As you might well imagine, The Gardens Between takes advantage of its unique premise to create some fairly unusual puzzles. Because Frendt and Arina move at different speeds and approach the island in different ways from one another, when time pushes forward or rolls backwards, they will always find themselves on different points on the island and it's here that the majority of The Gardens Between's numerous conundrums play out.
For example, one situation might require Arina to open a light bridge with a lamp that has captured an orb of light. The problem is, when she approaches the bridge the light from her lamp is stolen by a ball of darkness that has bloomed from a nearby flower. The solution? Simply rewind time and have Frendt pull a switch that closes the flower, thus ensuring that the light in Arina's lamp is never snuffed out and allowing the duo to proceed onward.
Though such puzzles might seem conceptually trite, The Gardens Between isn't afraid to get pleasingly inventive with them, even if the challenge never quite reaches the heady levels that more seasoned puzzle fans might expect. In particular, a lot of the later levels focus on using the time flow function to freeze events in place and use physics to achieve your goal; requiring the player to think a little more outside the box than they perhaps normally would.

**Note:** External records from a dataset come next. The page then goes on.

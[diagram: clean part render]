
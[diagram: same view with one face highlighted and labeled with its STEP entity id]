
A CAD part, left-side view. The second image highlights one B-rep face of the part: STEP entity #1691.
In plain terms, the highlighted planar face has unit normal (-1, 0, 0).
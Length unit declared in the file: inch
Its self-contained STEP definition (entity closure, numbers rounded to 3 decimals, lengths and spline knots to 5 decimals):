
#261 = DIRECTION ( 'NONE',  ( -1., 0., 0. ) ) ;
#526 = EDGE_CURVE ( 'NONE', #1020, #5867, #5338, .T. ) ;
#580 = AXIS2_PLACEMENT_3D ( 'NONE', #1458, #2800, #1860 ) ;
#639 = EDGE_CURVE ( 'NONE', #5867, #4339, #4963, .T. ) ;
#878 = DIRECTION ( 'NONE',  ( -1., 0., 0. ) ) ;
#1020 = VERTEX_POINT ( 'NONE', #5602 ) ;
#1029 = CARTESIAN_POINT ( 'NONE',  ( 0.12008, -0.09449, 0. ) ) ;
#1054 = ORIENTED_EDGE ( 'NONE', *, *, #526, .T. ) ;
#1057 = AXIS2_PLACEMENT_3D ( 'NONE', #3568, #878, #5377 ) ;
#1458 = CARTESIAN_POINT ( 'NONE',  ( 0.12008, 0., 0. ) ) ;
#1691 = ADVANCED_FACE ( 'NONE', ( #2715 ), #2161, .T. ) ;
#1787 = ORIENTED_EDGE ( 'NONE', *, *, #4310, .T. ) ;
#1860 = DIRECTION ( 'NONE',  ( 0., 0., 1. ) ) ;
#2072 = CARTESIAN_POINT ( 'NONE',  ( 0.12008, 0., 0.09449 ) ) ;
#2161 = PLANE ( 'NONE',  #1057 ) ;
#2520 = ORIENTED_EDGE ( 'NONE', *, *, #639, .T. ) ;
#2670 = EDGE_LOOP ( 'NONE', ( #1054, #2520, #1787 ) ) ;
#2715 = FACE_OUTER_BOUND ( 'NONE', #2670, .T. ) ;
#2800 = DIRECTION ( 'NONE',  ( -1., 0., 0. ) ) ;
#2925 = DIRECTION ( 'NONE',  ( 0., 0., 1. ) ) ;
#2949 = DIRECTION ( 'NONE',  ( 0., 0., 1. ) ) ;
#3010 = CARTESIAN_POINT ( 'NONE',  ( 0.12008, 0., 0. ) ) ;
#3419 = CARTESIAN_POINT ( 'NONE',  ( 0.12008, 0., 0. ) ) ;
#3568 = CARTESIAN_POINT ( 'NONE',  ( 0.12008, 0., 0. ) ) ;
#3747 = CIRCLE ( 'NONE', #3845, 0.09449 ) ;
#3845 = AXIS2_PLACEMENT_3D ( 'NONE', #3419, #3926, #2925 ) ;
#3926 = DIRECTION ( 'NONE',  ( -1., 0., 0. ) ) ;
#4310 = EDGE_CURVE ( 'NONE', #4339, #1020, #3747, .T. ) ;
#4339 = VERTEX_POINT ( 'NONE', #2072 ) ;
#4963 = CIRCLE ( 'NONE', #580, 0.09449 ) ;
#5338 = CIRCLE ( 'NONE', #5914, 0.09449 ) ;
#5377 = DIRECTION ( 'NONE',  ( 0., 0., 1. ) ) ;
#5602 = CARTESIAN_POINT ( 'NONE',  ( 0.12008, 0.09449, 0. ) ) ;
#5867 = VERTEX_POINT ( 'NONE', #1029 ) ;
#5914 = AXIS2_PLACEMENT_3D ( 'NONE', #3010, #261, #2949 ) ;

The Gardens Between Review Reddit
At just over a couple of hours long, The Gardens Between is not an especially substantive affair that much is for a sure, and its a fact that when coupled with its less than robustly challenging, though highly inventive conundrums ensures that the whole thing is simply all over far too quickly than we'd like.
Nonetheless, with its deeply touching narrative, relatable themes and vividly realized visual style, The Gardens Between nonetheless remains a compelling puzzling curio that everyone should spare a few hours of their time to invest themselves into.
The Gardens Between Review And Advise
The Gardens Between from The Voxel Agents releases for PS4, PC and Nintendo Switch on September 20, 2018.
Review code supplied by the publisher.